In college, Crane and his buddies faked Bigfoot footprints. The locals believed
they were real. "It was fun," he says.
But a handful of academics believe in Bigfoot, including a respected colleague of Crane's. "I don't even call myself a believer. It's not a belief. I'm absolutely convinced they exist," says Grover Krantz, a Washington State anthropologist.
But J. Richard Greenwell, zoologist at the International Society of Cryptozoology, which studies evidence of unverified animals, cites the mountain gorilla. It was thought to be a myth until the early 1900s. "It's the largest known primate in the world, and it took a long, long time to prove it really exists," he says. Scientists willing to suspend disbelief say the grainy "Patterson film," shot in 1967, got them to take Bigfoot seriously.

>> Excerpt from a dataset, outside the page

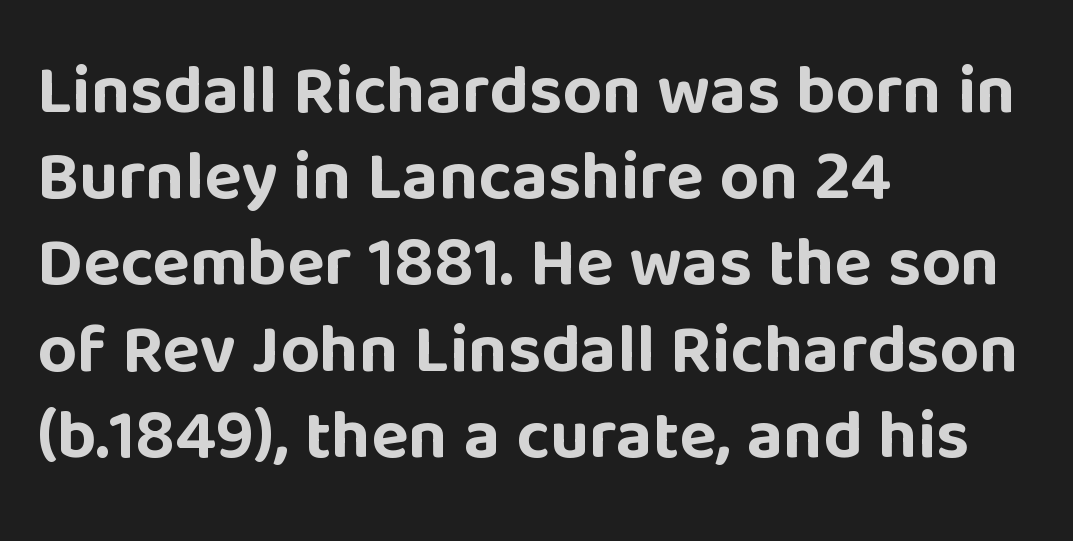
What stands out about the letter spacing? Nothing — it is the standard amount. Typographic density is high because the face is bold. The lines in this sample share a left origin and differ only in where they stop. Nothing sits at the stroke ends, so this counts as sans-serif. A roman cut, with each character standing at attention.

Jeff Meldrum, an Idaho State University anthropologist, set out to debunk another recent blurry video but couldn't. "There's more to these films than can be easily brushed aside," he says. Meldrum says footprint evidence is most important: "Those that aren't obviously faked have such consistent morphology (form and structure) over the decades that it's almost impossible to believe even a highly trained hoaxer could have made them."
But for many scientists, even seeing is not believing. Dr. Daris Swindler, professor emeritus of anthropology at the University of Washington, says, "That Patterson film is just a man in a costume."